Last week a U.S. Supreme Court ruling denied Angel Raich and Diane Monson the right -established by California voters in 1996- to obtain and use marijuana for medical purposes. The majority opinion by Justice John Paul Stevens included a paragraph to which members of the Society of Cannabis Clinicians take issue. According to Stevens:

“The exemption for physicians provides them with an economic incentive to grant their patients permission to use the drug. In contrast to most prescriptions for legal drugs, which limit the dosage and duration of the usage, under California law the doctor’s permission to recommend marijuana use is open-ended. The authority to grant permission whenever the doctor determines that a patient is afflicted with ‘any other illness for which marijuana provides relief,’ is broad enough to allow even the most scrupulous doctor to conclude that some recreational uses would be therapeutic. And our cases have taught us that there are some unscrupulous physicians who overprescribe when it is sufficiently profitable to do so.”

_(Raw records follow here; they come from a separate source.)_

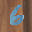
Label: 6
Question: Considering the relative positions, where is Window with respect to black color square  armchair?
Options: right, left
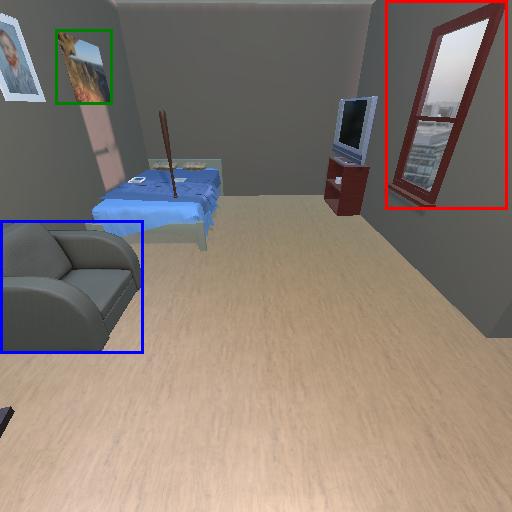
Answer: right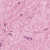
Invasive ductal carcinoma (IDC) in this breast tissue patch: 0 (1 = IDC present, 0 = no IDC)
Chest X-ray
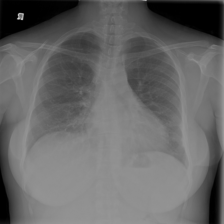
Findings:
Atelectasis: negative
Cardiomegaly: positive
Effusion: negative
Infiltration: negative
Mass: negative
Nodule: negative
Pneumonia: negative
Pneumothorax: negative
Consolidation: negative
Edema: negative
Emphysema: negative
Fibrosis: negative
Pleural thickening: negative
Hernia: negative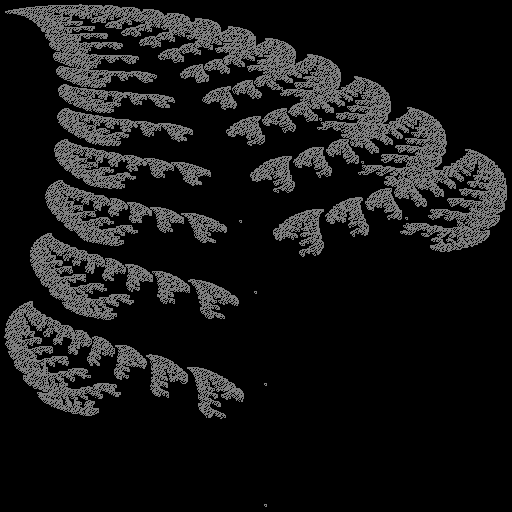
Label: fern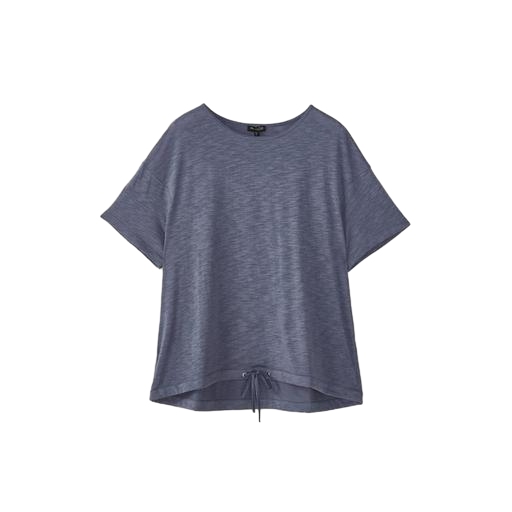
drawstring jersey t-shirt, dolman tee, dolman t-shirt, white background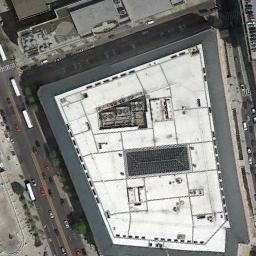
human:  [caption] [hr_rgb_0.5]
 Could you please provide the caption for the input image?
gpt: A commercial area with a white building is surrounded by some roads .

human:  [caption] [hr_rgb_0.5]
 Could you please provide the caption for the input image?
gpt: The buildings are very dense, There are many houses .

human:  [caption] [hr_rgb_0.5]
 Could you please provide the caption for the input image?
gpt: In a commercial district there are several tall buildings of different shapes and several roads with many cars .

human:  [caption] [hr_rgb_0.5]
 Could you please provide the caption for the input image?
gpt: The commercial area is near the road with many cars .

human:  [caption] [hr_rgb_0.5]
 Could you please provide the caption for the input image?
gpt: A building with a white roof on a commercial area .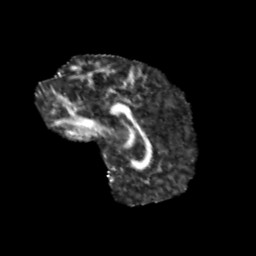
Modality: FA
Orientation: sagittal
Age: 10
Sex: male
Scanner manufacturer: siemens
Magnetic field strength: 3 T
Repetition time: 3.8 s
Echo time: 0.07 s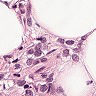
Metastatic tissue present: yes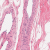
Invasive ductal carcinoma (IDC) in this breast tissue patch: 0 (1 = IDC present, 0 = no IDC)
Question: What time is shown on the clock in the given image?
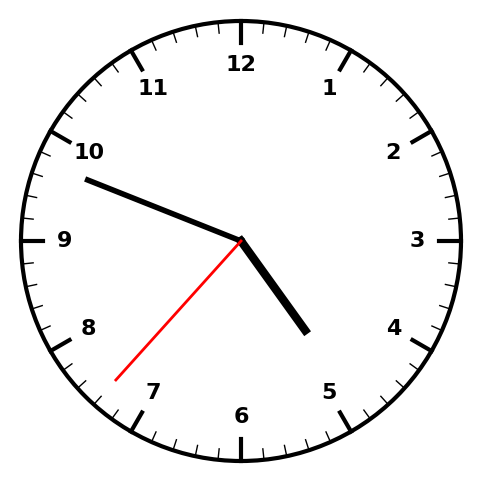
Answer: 04:48:37

David Bearman, MD, responds:

“That is an insult. No one gets in my front door for an appointment unless they represent themselves on the phone as having a well-documented serious disease. If the Medical Board and the feds had not been so damn busy harrassing and intimidating physicians, 10 to 20 times as many California physicians (e.g. 15,000 to 30,000) would be making recommendations. It would take the patient’s principal doctor (and the vast majority of my patients have one) an extra minute or two, and save the patient the time and trouble of having to seek out a cannabinologist. This is what the voters of the state of California had in mind when they passed 215. It’s the Feds and the MBC who have created this economic barrier, uh oh I mean incentive.”

Frank Lucido, MD, thinks Stevens misunderstands the doctor’s role in approving a patient’s request to self-medicate with cannabis:

“The more appropriate analogy is not to a drug prescription, which would involve an exact amount you are ordering the pharmacist to dispense, but to a medical decision of ‘yes’ or ‘no,’ such as: ‘Yes, you are fit to go to camp.’ ‘No, you cannot fly a plane’ (FAA physicals) ‘No, you can’t have insurance from this company that I work for.’ ‘Yes, you should be off work for the next 3 days due to illness.’ ‘No, your injury is not work-related.’ ‘Yes, I recommend you cut back your work hours for health reasons.'”

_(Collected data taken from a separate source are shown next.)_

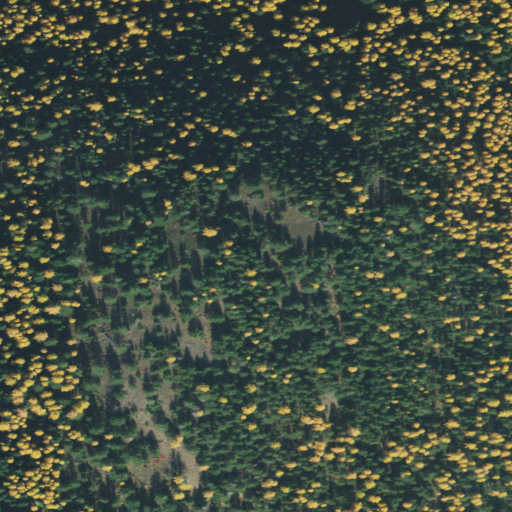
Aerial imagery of mountain in Idaho named Bethlehem Mountain containing only evergreen forest
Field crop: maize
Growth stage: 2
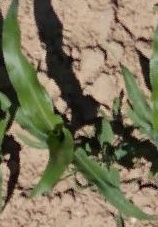
Species: maize
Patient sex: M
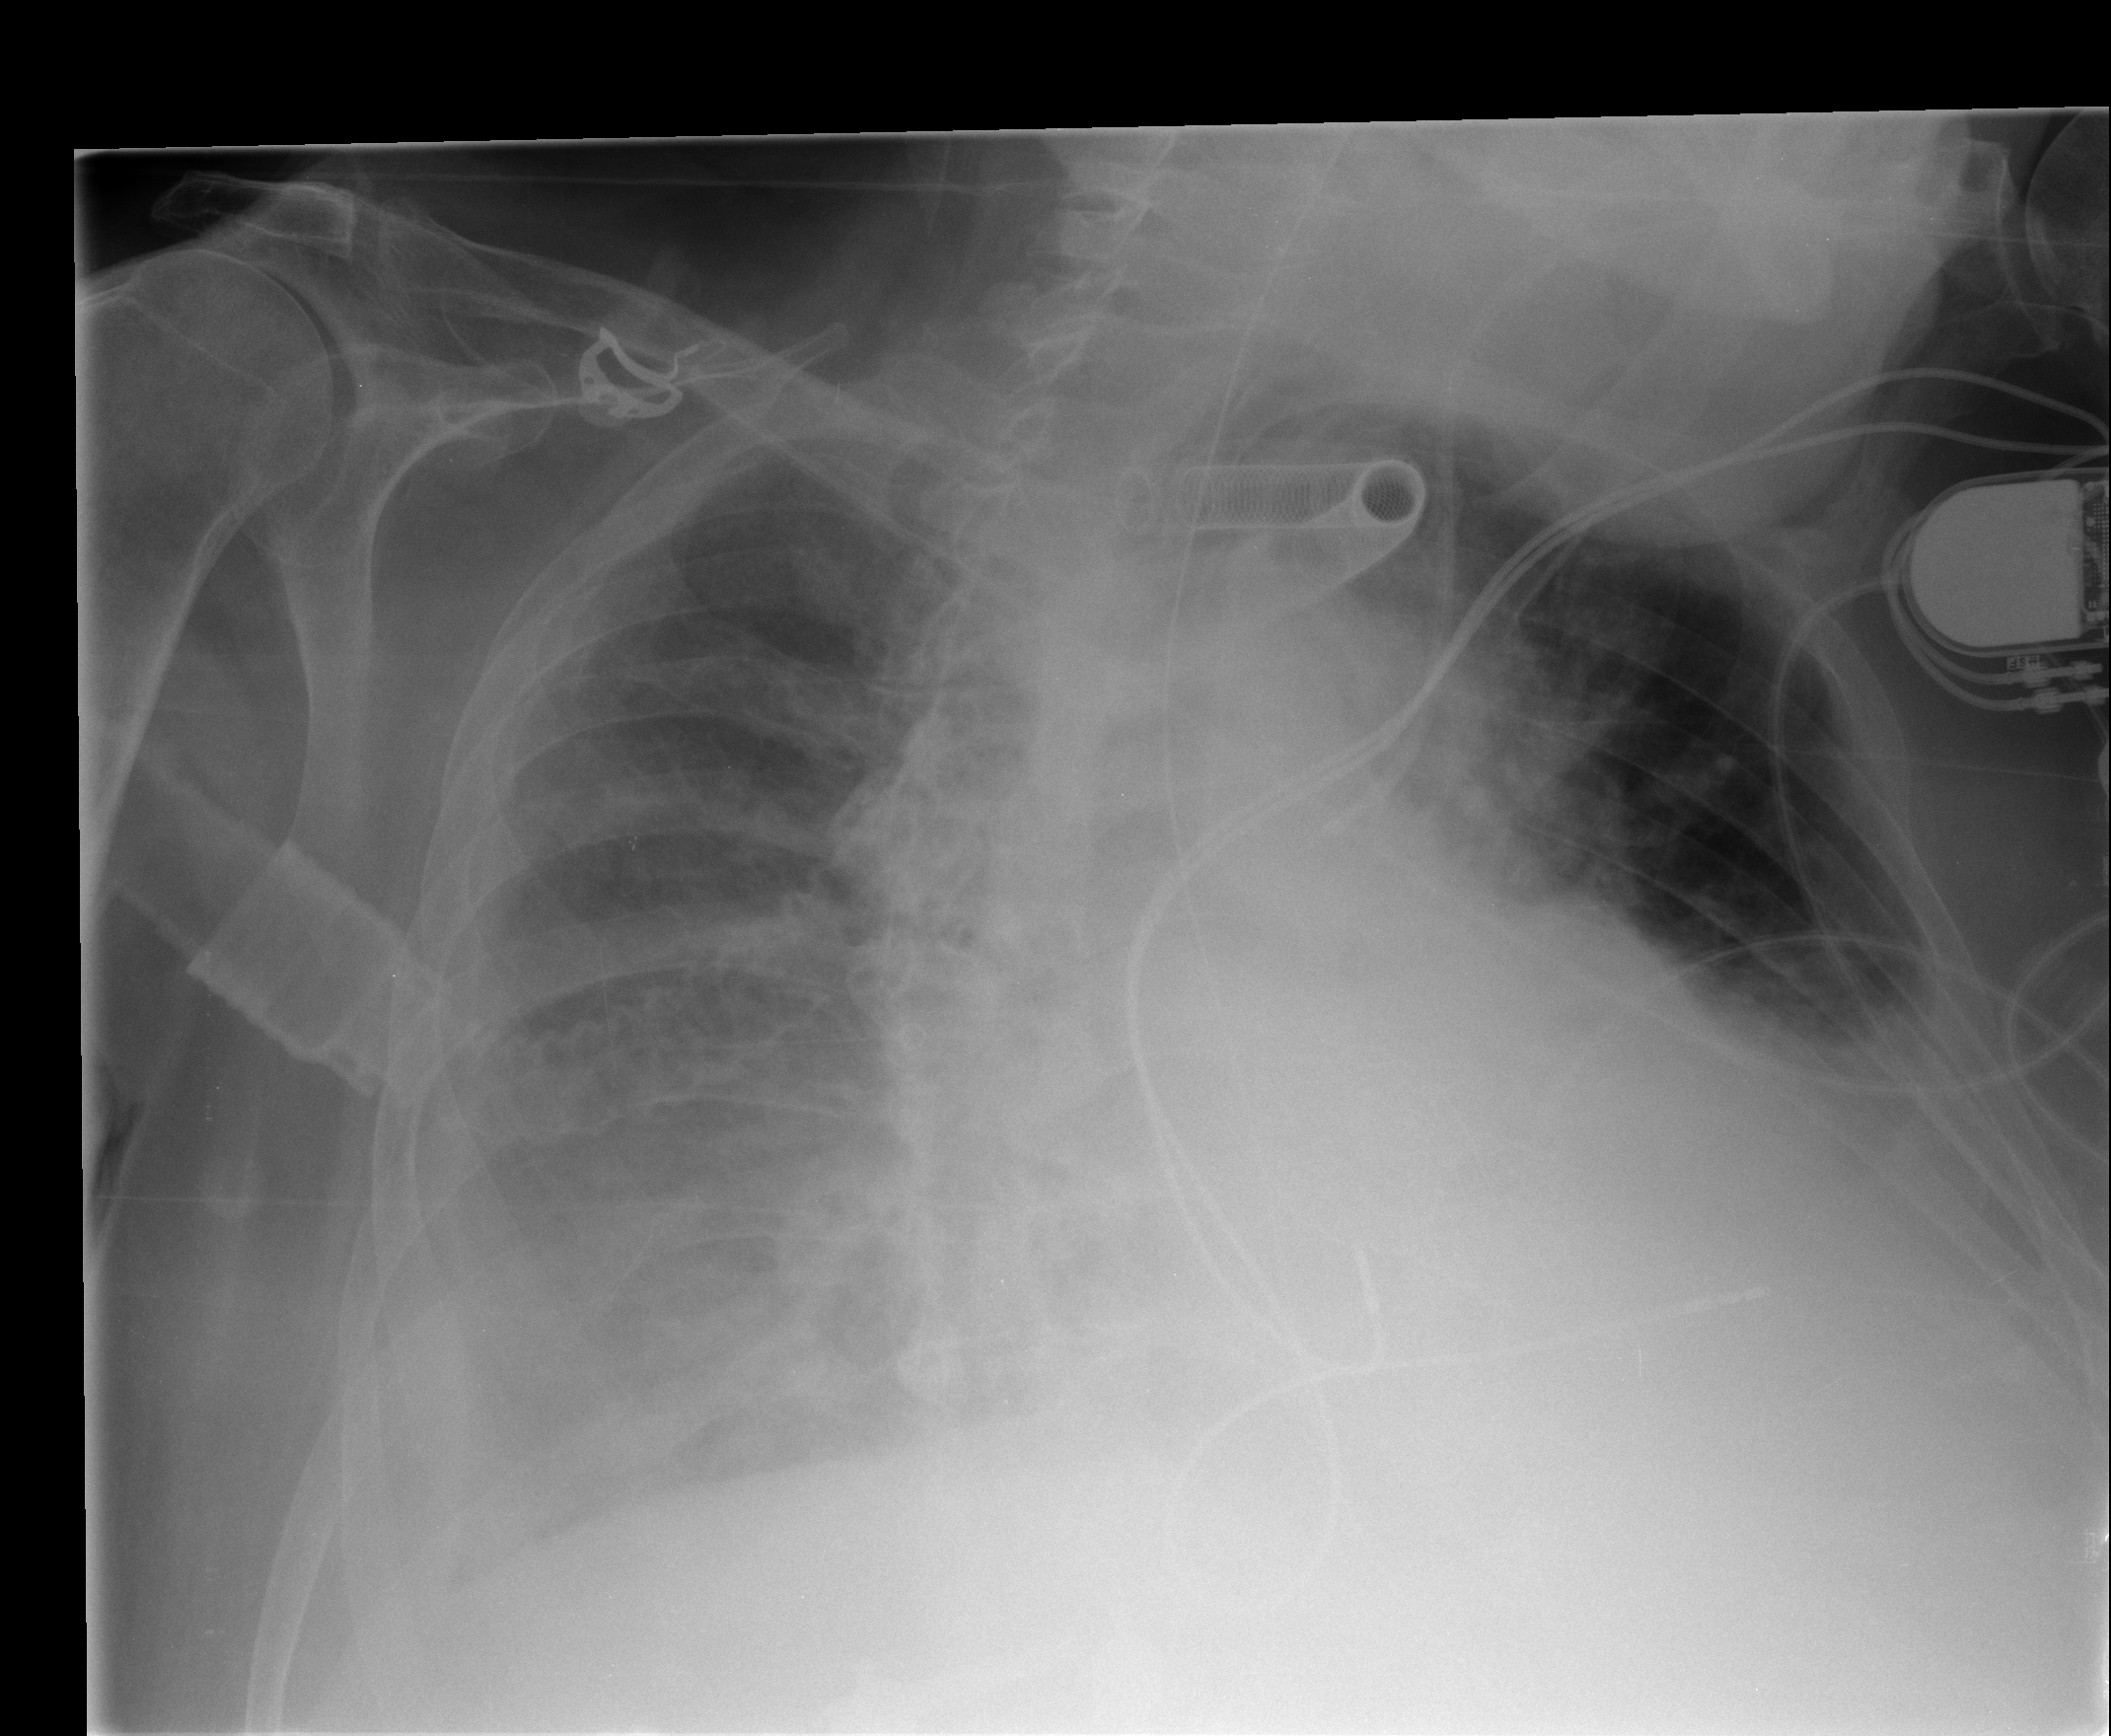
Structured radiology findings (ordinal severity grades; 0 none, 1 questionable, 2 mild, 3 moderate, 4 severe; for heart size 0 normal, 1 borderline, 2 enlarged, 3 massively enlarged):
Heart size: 2
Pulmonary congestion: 2
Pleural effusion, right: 3
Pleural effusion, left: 3
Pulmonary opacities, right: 2
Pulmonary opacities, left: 2
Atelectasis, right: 2
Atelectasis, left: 2

Robert E. Sullivan, MD, says Stevens’s reference to an “economic incentive to grant their patients permission to use the drug” would apply as well to “a new cure for herpes, hypertension, or erectile dysfunction (talk about a “marketed diagnosis”). One can only conclude that he believes physicians really make decisions on such base motivation. Does he think they get a kickback? Very cynical.”

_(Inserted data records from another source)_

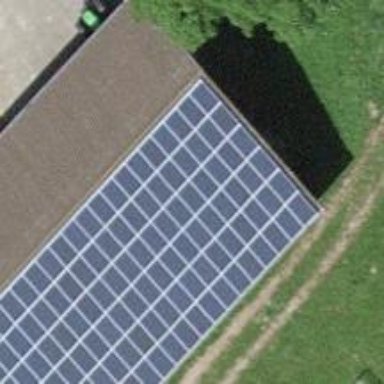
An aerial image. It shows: Solar power generator with photovoltaic panels.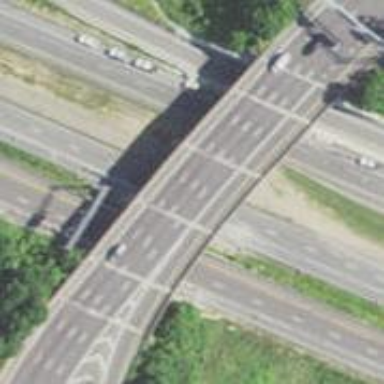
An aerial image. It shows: Man-made bridge.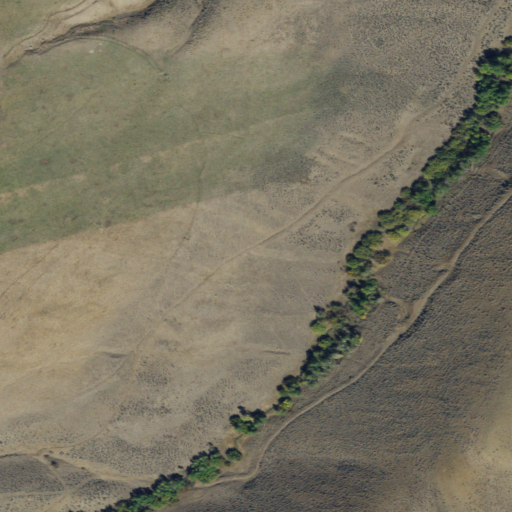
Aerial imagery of depression(s) in Idaho named Hayden Basin containing shrub, pasture, grassland, and cultivated crops

Sullivan questions the accuracy of Stevens’s line, “In contrast to most prescriptions for legal drugs, which limit the dosage and duration of the usage, under California law the doctor’s permission to recommend marijuana use is open-ended.” Sullivan says: “Not so. The medical board limited the duration of recommendations to one year, like all conventional Rxs. And we, at least, specify an amount (on a weekly basis) for each patient approved. Most conventional Rxs for pain/spasm leave quite a range of dosage/frequency up to the patient. And does Stevens really believe the patients follow it anyway? And, oh yes, what does this have to do with the question at hand?”

Sullivan adds:

“The suspicions people reveal they have about others often reveal their own true motives and styles… My overall impression of the decision is that the ‘What ifs’ have taken over. ‘The parade is a wonderful idea, but What if someone gets run over by a float? Maybe we just better not have it.’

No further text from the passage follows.